**Instructions to follow**
Write out every line below that includes the word "outdoors".

Extracted records:
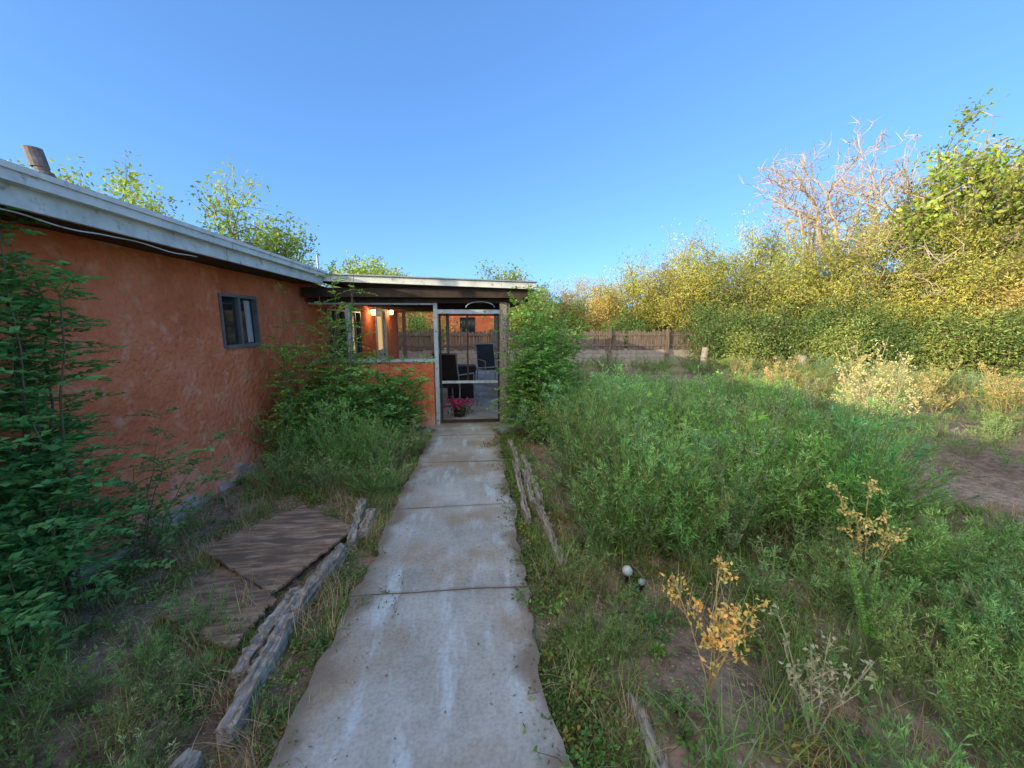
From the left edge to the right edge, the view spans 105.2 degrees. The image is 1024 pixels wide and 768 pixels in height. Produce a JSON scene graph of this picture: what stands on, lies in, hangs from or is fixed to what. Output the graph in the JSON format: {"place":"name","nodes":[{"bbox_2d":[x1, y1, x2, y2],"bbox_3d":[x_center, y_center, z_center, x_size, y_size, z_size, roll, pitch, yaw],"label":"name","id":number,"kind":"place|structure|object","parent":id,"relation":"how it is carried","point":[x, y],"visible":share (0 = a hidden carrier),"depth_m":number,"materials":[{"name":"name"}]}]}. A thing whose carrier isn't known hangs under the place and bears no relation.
{"place":"outdoors","nodes":[
{"label":"outdoors","id":0,"kind":"place"},
{"bbox_2d":[292,283,398,409],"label":"porch side wall","id":1,"kind":"structure","parent":0,"point":[309,314],"depth_m":6.44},
{"bbox_2d":[313,362,435,425],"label":"porch half wall","id":2,"kind":"structure","parent":0,"point":[384,367],"depth_m":6.14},
{"bbox_2d":[308,302,499,424],"bbox_3d":[-1.620,-0.292,6.138,2.860,2.000,0.120,-1,9,-5],"label":"porch screen frame","id":3,"kind":"object","parent":2,"relation":"on","point":[436,311],"visible":0.75,"depth_m":6.07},
{"bbox_2d":[375,307,387,358],"bbox_3d":[-3.546,-1.039,10.567,0.120,2.000,1.150,-1,9,-5],"label":"entry door","id":4,"kind":"structure","parent":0,"point":[380,312],"depth_m":10.73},
{"bbox_2d":[301,287,528,311],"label":"porch rafters","id":5,"kind":"object","parent":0,"point":[451,299],"visible":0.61,"depth_m":5.87,"materials":[{"name":"wood"}]},
{"bbox_2d":[323,274,535,292],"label":"porch fascia","id":6,"kind":"structure","parent":5,"relation":"attached to","point":[430,281],"depth_m":5.63,"materials":[{"name":"wood"}]},
{"bbox_2d":[325,273,537,282],"bbox_3d":[-1.135,-1.524,5.635,3.033,0.096,0.100,-1,9,-6],"label":"porch drip edge","id":7,"kind":"object","parent":6,"relation":"attached to","point":[431,277],"visible":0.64,"depth_m":5.59,"materials":[{"name":"metal"}]},
{"bbox_2d":[330,281,531,290],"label":"porch roof","id":8,"kind":"structure","parent":5,"relation":"on","point":[366,285],"depth_m":6.12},
{"bbox_2d":[268,428,572,767],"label":"concrete path","id":9,"kind":"structure","parent":0,"point":[417,653],"depth_m":1.97,"materials":[{"name":"grey concrete"}]},
{"bbox_2d":[0,340,1023,767],"bbox_3d":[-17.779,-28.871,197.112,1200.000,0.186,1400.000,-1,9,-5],"label":"ground","id":10,"kind":"structure","parent":0,"point":[988,466],"depth_m":1.99,"materials":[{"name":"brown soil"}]},
{"bbox_2d":[0,278,92,686],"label":"elm sapling","id":11,"kind":"object","parent":10,"relation":"on","point":[14,620],"visible":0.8,"depth_m":1.75,"materials":[{"name":"green plant"}]},
{"bbox_2d":[7,156,107,193],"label":"elm tree","id":12,"kind":"object","parent":10,"relation":"on","point":[66,177],"visible":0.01,"depth_m":11.28,"materials":[{"name":"green plant"}]},
{"bbox_2d":[0,439,120,673],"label":"elm sapling","id":13,"kind":"object","parent":10,"relation":"on","point":[15,553],"visible":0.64,"depth_m":1.93,"materials":[{"name":"green plant"}]},
{"bbox_2d":[0,206,177,617],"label":"elm sapling","id":14,"kind":"object","parent":10,"relation":"on","point":[59,442],"visible":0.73,"depth_m":2.05,"materials":[{"name":"green plant"}]},
{"bbox_2d":[1,442,285,623],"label":"footing","id":15,"kind":"object","parent":10,"relation":"on","point":[242,466],"visible":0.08,"depth_m":3.31,"materials":[{"name":"paint"}]},
{"bbox_2d":[0,220,301,598],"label":"front wall","id":16,"kind":"structure","parent":10,"relation":"on","point":[161,313],"depth_m":3.16,"materials":[{"name":"paint"}]},
{"bbox_2d":[0,205,315,283],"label":"soffit","id":17,"kind":"structure","parent":16,"relation":"on","point":[207,260],"depth_m":2.77,"materials":[{"name":"brown wood"}]},
{"bbox_2d":[0,208,196,256],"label":"loose cable","id":18,"kind":"object","parent":17,"relation":"attached to","point":[90,232],"visible":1,"depth_m":2.19,"materials":[{"name":"white paint"}]},
{"bbox_2d":[0,159,326,284],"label":"eave fascia","id":19,"kind":"structure","parent":17,"relation":"attached to","point":[28,190],"depth_m":2.35,"materials":[{"name":"white paint"}]},
{"bbox_2d":[217,293,261,348],"bbox_3d":[-2.962,-0.682,4.260,0.087,0.564,0.690,-1,9,-5],"label":"bedroom window frame","id":20,"kind":"object","parent":16,"relation":"attached to","point":[256,321],"visible":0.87,"depth_m":4.26,"materials":[{"name":"metal"}]},
{"bbox_2d":[221,296,238,344],"bbox_3d":[-2.967,-0.659,4.095,0.006,0.494,0.294,-1,9,-5],"label":"bedroom window glass","id":21,"kind":"object","parent":20,"relation":"in","point":[230,319],"visible":0.64,"depth_m":4.13,"materials":[{"name":"glass"}]},
{"bbox_2d":[90,407,242,576],"bbox_3d":[-2.319,0.701,2.655,0.664,1.061,0.814,8,12,41],"label":"elm sapling","id":22,"kind":"object","parent":10,"relation":"on","point":[148,529],"visible":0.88,"depth_m":2.65,"materials":[{"name":"green plant"}]},
{"bbox_2d":[96,150,304,263],"bbox_3d":[-12.103,-4.206,14.657,7.936,7.476,7.737,3,9,19],"label":"elm tree","id":23,"kind":"object","parent":10,"relation":"on","point":[122,182],"visible":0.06,"depth_m":13.50,"materials":[{"name":"green plant"}]},
{"bbox_2d":[160,565,276,649],"bbox_3d":[-1.698,1.284,2.294,0.833,0.044,0.429,4,10,26],"label":"rotten plywood sheet","id":24,"kind":"object","parent":10,"relation":"on","point":[223,576],"visible":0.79,"depth_m":2.26,"materials":[{"name":"wood"}]},
{"bbox_2d":[103,172,338,287],"bbox_3d":[-11.360,-3.929,14.592,9.042,6.917,7.134,-1,9,-5],"label":"elm tree","id":25,"kind":"object","parent":10,"relation":"on","point":[216,219],"visible":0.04,"depth_m":14.10,"materials":[{"name":"green plant"}]},
{"bbox_2d":[170,498,376,767],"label":"timber edging","id":26,"kind":"object","parent":10,"relation":"on","point":[274,643],"visible":0.93,"depth_m":1.95,"materials":[{"name":"grey wood"}]},
{"bbox_2d":[202,505,349,594],"bbox_3d":[-1.652,1.154,2.884,0.889,0.072,0.749,5,10,29],"label":"rotten plywood sheet","id":27,"kind":"object","parent":10,"relation":"on","point":[296,541],"visible":0.98,"depth_m":2.81,"materials":[{"name":"wood"}]},
{"bbox_2d":[237,211,336,272],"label":"elm tree","id":28,"kind":"object","parent":10,"relation":"on","point":[288,245],"visible":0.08,"depth_m":15.63,"materials":[{"name":"green plant"}]},
{"bbox_2d":[254,283,331,461],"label":"elm sapling","id":29,"kind":"object","parent":10,"relation":"on","point":[293,353],"visible":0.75,"depth_m":4.50,"materials":[{"name":"green plant"}]},
{"bbox_2d":[274,343,348,415],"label":"elm sapling","id":30,"kind":"object","parent":10,"relation":"on","point":[316,380],"visible":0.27,"depth_m":5.08,"materials":[{"name":"green plant"}]},
{"bbox_2d":[279,375,345,456],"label":"elm sapling","id":31,"kind":"object","parent":10,"relation":"on","point":[315,406],"visible":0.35,"depth_m":4.60,"materials":[{"name":"green plant"}]},
{"bbox_2d":[300,260,377,429],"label":"elm sapling","id":32,"kind":"object","parent":10,"relation":"on","point":[342,327],"visible":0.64,"depth_m":4.88,"materials":[{"name":"green plant"}]},
{"bbox_2d":[301,359,381,450],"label":"elm sapling","id":33,"kind":"object","parent":10,"relation":"on","point":[367,399],"visible":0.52,"depth_m":4.71,"materials":[{"name":"green plant"}]},
{"bbox_2d":[317,336,376,430],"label":"elm sapling","id":34,"kind":"object","parent":10,"relation":"on","point":[352,370],"visible":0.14,"depth_m":5.17,"materials":[{"name":"green plant"}]},
{"bbox_2d":[326,250,409,287],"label":"elm tree","id":35,"kind":"object","parent":10,"relation":"on","point":[376,270],"visible":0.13,"depth_m":22.52,"materials":[{"name":"green plant"}]},
{"bbox_2d":[354,350,412,432],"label":"elm sapling","id":36,"kind":"object","parent":10,"relation":"on","point":[377,376],"visible":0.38,"depth_m":5.28,"materials":[{"name":"green plant"}]},
{"bbox_2d":[365,369,414,445],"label":"elm sapling","id":37,"kind":"object","parent":10,"relation":"on","point":[396,410],"visible":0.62,"depth_m":5.19,"materials":[{"name":"green plant"}]},
{"bbox_2d":[374,354,435,440],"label":"elm sapling","id":38,"kind":"object","parent":10,"relation":"on","point":[412,413],"visible":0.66,"depth_m":5.56,"materials":[{"name":"green plant"}]},
{"bbox_2d":[398,312,461,348],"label":"elm tree","id":39,"kind":"object","parent":10,"relation":"on","point":[415,323],"visible":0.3,"depth_m":18.29,"materials":[{"name":"green plant"}]},
{"bbox_2d":[363,371,521,434],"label":"porch floor","id":40,"kind":"structure","parent":10,"relation":"on","point":[486,395],"depth_m":7.30,"materials":[{"name":"concrete"}]},
{"bbox_2d":[432,353,475,404],"bbox_3d":[-1.113,-0.086,7.570,0.548,1.065,0.663,4,10,26],"label":"patio chair","id":41,"kind":"object","parent":40,"relation":"on","point":[450,371],"visible":0.75,"depth_m":7.29,"materials":[{"name":"metal"}]},
{"bbox_2d":[440,396,481,416],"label":"potted pink flowers","id":42,"kind":"object","parent":40,"relation":"on","point":[459,410],"visible":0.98,"depth_m":6.78,"materials":[{"name":"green plant"}]},
{"bbox_2d":[447,364,476,398],"bbox_3d":[-1.113,-0.066,8.626,0.680,0.700,0.500,-1,9,-5],"label":"storage bin","id":43,"kind":"object","parent":40,"relation":"on","point":[468,392],"visible":0.54,"depth_m":8.44,"materials":[{"name":"black plastic"}]},
{"bbox_2d":[475,343,499,385],"bbox_3d":[-0.596,-0.534,10.469,0.548,1.065,0.663,-5,10,-28],"label":"patio chair","id":44,"kind":"object","parent":40,"relation":"on","point":[485,356],"visible":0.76,"depth_m":10.63,"materials":[{"name":"metal"}]},
{"bbox_2d":[397,311,493,348],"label":"building","id":45,"kind":"structure","parent":10,"relation":"on","point":[483,323],"depth_m":23.58,"materials":[{"name":"paint"}]},
{"bbox_2d":[402,302,509,422],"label":"porch posts","id":46,"kind":"object","parent":10,"relation":"on","point":[503,336],"visible":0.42,"depth_m":6.25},
{"bbox_2d":[438,314,499,422],"bbox_3d":[-0.675,-0.241,6.277,0.945,1.735,0.030,-1,9,-5],"label":"screen door","id":47,"kind":"structure","parent":46,"relation":"attached to","point":[463,420],"depth_m":6.24,"materials":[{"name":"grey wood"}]},
{"bbox_2d":[0,430,1023,767],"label":"creeping weeds","id":48,"kind":"object","parent":10,"relation":"on","point":[576,714],"visible":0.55,"depth_m":2.03,"materials":[{"name":"green plant"}]},
{"bbox_2d":[0,346,1023,767],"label":"weeds","id":49,"kind":"object","parent":10,"relation":"on","point":[382,452],"visible":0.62,"depth_m":2.13,"materials":[{"name":"green plant"}]},
{"bbox_2d":[0,360,1023,767],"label":"grass tufts","id":50,"kind":"object","parent":10,"relation":"on","point":[782,682],"visible":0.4,"depth_m":1.95,"materials":[{"name":"green plant"}]},
{"bbox_2d":[491,328,552,437],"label":"elm sapling","id":51,"kind":"object","parent":10,"relation":"on","point":[517,383],"visible":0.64,"depth_m":5.58,"materials":[{"name":"green plant"}]},
{"bbox_2d":[474,257,573,348],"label":"elm tree","id":52,"kind":"object","parent":10,"relation":"on","point":[516,277],"visible":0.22,"depth_m":18.36,"materials":[{"name":"green plant"}]},
{"bbox_2d":[486,283,566,432],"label":"elm sapling","id":53,"kind":"object","parent":10,"relation":"on","point":[527,313],"visible":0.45,"depth_m":5.71,"materials":[{"name":"green plant"}]},
{"bbox_2d":[514,293,570,412],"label":"elm sapling","id":54,"kind":"object","parent":10,"relation":"on","point":[536,303],"visible":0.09,"depth_m":6.04,"materials":[{"name":"green plant"}]},
{"bbox_2d":[510,327,579,442],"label":"elm sapling","id":55,"kind":"object","parent":10,"relation":"on","point":[543,359],"visible":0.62,"depth_m":5.39,"materials":[{"name":"green plant"}]},
{"bbox_2d":[398,329,701,363],"bbox_3d":[-1.182,-1.487,16.009,18.527,1.540,0.310,0,9,-2],"label":"wood and block fence","id":56,"kind":"object","parent":10,"relation":"on","point":[611,343],"visible":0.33,"depth_m":16.11,"materials":[{"name":"wood"}]},
{"bbox_2d":[528,321,586,416],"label":"elm sapling","id":57,"kind":"object","parent":10,"relation":"on","point":[564,344],"visible":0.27,"depth_m":6.00,"materials":[{"name":"green plant"}]},
{"bbox_2d":[535,281,591,343],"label":"tamarisk tree","id":58,"kind":"object","parent":10,"relation":"on","point":[568,306],"visible":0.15,"depth_m":22.01,"materials":[{"name":"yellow plant"}]},
{"bbox_2d":[539,295,595,396],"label":"elm sapling","id":59,"kind":"object","parent":10,"relation":"on","point":[565,328],"visible":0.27,"depth_m":6.67,"materials":[{"name":"green plant"}]},
{"bbox_2d":[555,390,599,475],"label":"horseweed plant","id":60,"kind":"object","parent":10,"relation":"on","point":[567,431],"visible":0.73,"depth_m":3.72,"materials":[{"name":"green plant"}]},
{"bbox_2d":[549,274,613,347],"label":"tamarisk tree","id":61,"kind":"object","parent":10,"relation":"on","point":[563,298],"visible":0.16,"depth_m":23.46,"materials":[{"name":"yellow plant"}]},
{"bbox_2d":[507,439,667,767],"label":"timber edging","id":62,"kind":"object","parent":10,"relation":"on","point":[539,507],"visible":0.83,"depth_m":3.11,"materials":[{"name":"grey wood"}]},
{"bbox_2d":[569,271,653,347],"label":"tamarisk tree","id":63,"kind":"object","parent":10,"relation":"on","point":[597,316],"visible":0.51,"depth_m":18.98,"materials":[{"name":"yellow plant"}]},
{"bbox_2d":[589,301,656,347],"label":"understory shrub","id":64,"kind":"object","parent":10,"relation":"on","point":[623,322],"visible":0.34,"depth_m":17.46,"materials":[{"name":"green plant"}]},
{"bbox_2d":[583,247,689,347],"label":"tamarisk tree","id":65,"kind":"object","parent":10,"relation":"on","point":[631,293],"visible":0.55,"depth_m":18.09,"materials":[{"name":"yellow plant"}]},
{"bbox_2d":[609,242,740,342],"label":"tamarisk tree","id":66,"kind":"object","parent":10,"relation":"on","point":[652,282],"visible":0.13,"depth_m":18.44,"materials":[{"name":"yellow plant"}]},
{"bbox_2d":[630,233,755,343],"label":"tamarisk tree","id":67,"kind":"object","parent":10,"relation":"on","point":[692,291],"visible":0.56,"depth_m":16.88,"materials":[{"name":"yellow plant"}]},
{"bbox_2d":[660,555,770,695],"bbox_3d":[0.886,1.088,1.737,0.339,0.578,0.442,-1,9,-5],"label":"dried golden plant","id":68,"kind":"object","parent":10,"relation":"on","point":[727,627],"visible":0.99,"depth_m":1.64,"materials":[{"name":"yellow plant"}]},
{"bbox_2d":[662,289,772,365],"bbox_3d":[8.036,-2.204,15.499,3.007,3.159,4.040,-4,10,-26],"label":"understory shrub","id":69,"kind":"object","parent":10,"relation":"on","point":[710,327],"visible":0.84,"depth_m":15.22,"materials":[{"name":"green plant"}]},
{"bbox_2d":[653,206,808,343],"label":"tamarisk tree","id":70,"kind":"object","parent":10,"relation":"on","point":[764,256],"visible":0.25,"depth_m":16.44,"materials":[{"name":"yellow plant"}]},
{"bbox_2d":[720,442,760,551],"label":"horseweed plant","id":71,"kind":"object","parent":10,"relation":"on","point":[743,525],"visible":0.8,"depth_m":2.72,"materials":[{"name":"green plant"}]},
{"bbox_2d":[709,301,800,368],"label":"understory shrub","id":72,"kind":"object","parent":10,"relation":"on","point":[744,351],"visible":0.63,"depth_m":14.26,"materials":[{"name":"green plant"}]},
{"bbox_2d":[682,212,834,352],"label":"tamarisk tree","id":73,"kind":"object","parent":10,"relation":"on","point":[726,290],"visible":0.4,"depth_m":15.29,"materials":[{"name":"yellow plant"}]},
{"bbox_2d":[733,381,791,467],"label":"horseweed plant","id":74,"kind":"object","parent":10,"relation":"on","point":[776,441],"visible":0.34,"depth_m":3.27,"materials":[{"name":"green plant"}]},
{"bbox_2d":[505,356,1023,765],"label":"tall green weeds","id":75,"kind":"object","parent":10,"relation":"on","point":[657,474],"visible":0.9,"depth_m":2.80,"materials":[{"name":"green plant"}]},
{"bbox_2d":[725,289,867,365],"bbox_3d":[10.480,-1.994,14.402,5.410,3.158,3.326,-1,9,-5],"label":"understory shrub","id":76,"kind":"object","parent":10,"relation":"on","point":[813,322],"visible":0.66,"depth_m":14.00,"materials":[{"name":"green plant"}]},
{"bbox_2d":[722,180,911,349],"bbox_3d":[12.406,-4.029,16.212,8.196,6.609,5.614,-4,10,-26],"label":"tamarisk tree","id":77,"kind":"object","parent":10,"relation":"on","point":[750,251],"visible":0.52,"depth_m":15.00,"materials":[{"name":"yellow plant"}]},
{"bbox_2d":[762,603,877,743],"bbox_3d":[1.205,1.172,1.586,0.301,0.499,0.394,4,9,22],"label":"dried golden plant","id":78,"kind":"object","parent":10,"relation":"on","point":[796,675],"visible":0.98,"depth_m":1.50,"materials":[{"name":"beige plant"}]},
{"bbox_2d":[757,218,907,339],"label":"tamarisk tree","id":79,"kind":"object","parent":10,"relation":"on","point":[840,254],"visible":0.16,"depth_m":14.99,"materials":[{"name":"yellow plant"}]},
{"bbox_2d":[788,291,896,370],"bbox_3d":[11.207,-1.761,13.591,3.090,2.895,2.813,-1,9,-5],"label":"understory shrub","id":80,"kind":"object","parent":10,"relation":"on","point":[834,344],"visible":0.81,"depth_m":13.14,"materials":[{"name":"green plant"}]},
{"bbox_2d":[827,355,897,417],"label":"tall pale weed","id":81,"kind":"object","parent":10,"relation":"on","point":[857,381],"visible":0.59,"depth_m":5.94,"materials":[{"name":"beige plant"}]},
{"bbox_2d":[826,476,910,594],"bbox_3d":[2.111,0.905,2.342,0.347,0.802,0.338,-1,9,-5],"label":"dried golden plant","id":82,"kind":"object","parent":10,"relation":"on","point":[884,536],"visible":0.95,"depth_m":2.29,"materials":[{"name":"yellow plant"}]},
{"bbox_2d":[833,336,913,415],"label":"tall pale weed","id":83,"kind":"object","parent":10,"relation":"on","point":[872,373],"visible":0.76,"depth_m":6.07,"materials":[{"name":"beige plant"}]},
{"bbox_2d":[724,355,1023,432],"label":"sunlit yellow weeds","id":84,"kind":"object","parent":10,"relation":"on","point":[923,380],"visible":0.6,"depth_m":7.30,"materials":[{"name":"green plant"}]},
{"bbox_2d":[761,208,988,358],"bbox_3d":[12.575,-3.562,15.157,6.404,5.988,5.744,1,9,8],"label":"tamarisk tree","id":85,"kind":"object","parent":10,"relation":"on","point":[870,291],"visible":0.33,"depth_m":13.73,"materials":[{"name":"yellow plant"}]},
{"bbox_2d":[731,110,1020,314],"bbox_3d":[13.613,-5.974,16.502,7.692,10.448,8.095,-1,9,-5],"label":"dead tree","id":86,"kind":"object","parent":10,"relation":"on","point":[802,188],"visible":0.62,"depth_m":16.37,"materials":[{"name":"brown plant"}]},
{"bbox_2d":[846,543,920,655],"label":"horseweed plant","id":87,"kind":"object","parent":10,"relation":"on","point":[858,593],"visible":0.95,"depth_m":1.93,"materials":[{"name":"green plant"}]},
{"bbox_2d":[834,279,959,371],"bbox_3d":[13.058,-1.904,13.407,3.858,3.228,3.216,-1,9,-5],"label":"understory shrub","id":88,"kind":"object","parent":10,"relation":"on","point":[897,339],"visible":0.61,"depth_m":12.83,"materials":[{"name":"green plant"}]},
{"bbox_2d":[866,351,937,433],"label":"tall pale weed","id":89,"kind":"object","parent":10,"relation":"on","point":[903,371],"visible":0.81,"depth_m":5.51,"materials":[{"name":"beige plant"}]},
{"bbox_2d":[781,154,1023,303],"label":"dead tree","id":90,"kind":"object","parent":10,"relation":"on","point":[925,245],"visible":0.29,"depth_m":14.94,"materials":[{"name":"beige plant"}]},
{"bbox_2d":[821,240,994,363],"bbox_3d":[15.262,-3.385,15.872,5.721,5.417,5.607,4,10,23],"label":"tamarisk tree","id":91,"kind":"object","parent":10,"relation":"on","point":[910,287],"visible":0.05,"depth_m":14.54,"materials":[{"name":"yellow plant"}]},
{"bbox_2d":[819,194,1020,353],"bbox_3d":[14.990,-3.514,15.014,6.245,6.008,4.932,-1,9,-5],"label":"tamarisk tree","id":92,"kind":"object","parent":10,"relation":"on","point":[906,258],"visible":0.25,"depth_m":13.87,"materials":[{"name":"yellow plant"}]},
{"bbox_2d":[839,88,1023,366],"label":"cottonwood tree","id":93,"kind":"object","parent":10,"relation":"on","point":[1004,206],"visible":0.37,"depth_m":14.35,"materials":[{"name":"green plant"}]},
{"bbox_2d":[852,216,1023,367],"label":"tamarisk tree","id":94,"kind":"object","parent":10,"relation":"on","point":[947,252],"visible":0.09,"depth_m":13.36,"materials":[{"name":"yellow plant"}]},
{"bbox_2d":[862,137,1023,365],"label":"cottonwood tree","id":95,"kind":"object","parent":10,"relation":"on","point":[926,212],"visible":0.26,"depth_m":13.47,"materials":[{"name":"green plant"}]},
{"bbox_2d":[869,194,1023,369],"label":"tamarisk tree","id":96,"kind":"object","parent":10,"relation":"on","point":[990,278],"visible":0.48,"depth_m":12.70,"materials":[{"name":"yellow plant"}]},
{"bbox_2d":[892,297,1002,375],"bbox_3d":[13.907,-1.474,12.597,2.874,2.620,2.862,-8,12,-40],"label":"understory shrub","id":97,"kind":"object","parent":10,"relation":"on","point":[935,352],"visible":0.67,"depth_m":12.22,"materials":[{"name":"green plant"}]},
{"bbox_2d":[913,291,1023,379],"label":"understory shrub","id":98,"kind":"object","parent":10,"relation":"on","point":[1015,346],"visible":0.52,"depth_m":11.81,"materials":[{"name":"green plant"}]},
{"bbox_2d":[929,244,1023,373],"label":"tamarisk tree","id":99,"kind":"object","parent":10,"relation":"on","point":[1012,303],"visible":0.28,"depth_m":12.18,"materials":[{"name":"yellow plant"}]},
{"bbox_2d":[937,301,1023,379],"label":"understory shrub","id":100,"kind":"object","parent":10,"relation":"on","point":[1005,344],"visible":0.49,"depth_m":11.59,"materials":[{"name":"green plant"}]},
{"bbox_2d":[0,0,1023,307],"label":"sky","id":101,"kind":"structure","parent":0,"point":[432,138],"materials":[{"name":"blue"}]},
{"bbox_2d":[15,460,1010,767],"bbox_3d":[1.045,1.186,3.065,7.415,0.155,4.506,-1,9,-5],"label":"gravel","id":102,"kind":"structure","parent":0,"point":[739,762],"depth_m":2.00,"materials":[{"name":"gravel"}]},
{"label":"inner walls","id":103,"kind":"object","parent":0,"visible":0},
{"bbox_2d":[218,267,349,287],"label":"roof","id":104,"kind":"structure","parent":103,"relation":"on","point":[329,283],"depth_m":9.60,"materials":[{"name":"wood"}]},
{"bbox_2d":[21,145,55,177],"bbox_3d":[-4.169,-1.798,3.510,0.320,0.580,0.312,-1,9,-5],"label":"roof vent","id":105,"kind":"object","parent":104,"relation":"on","point":[36,159],"visible":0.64,"depth_m":3.44,"materials":[{"name":"metal"}]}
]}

**Problem solution**
{"place":"outdoors","nodes":[
{"label":"outdoors","id":0,"kind":"place"},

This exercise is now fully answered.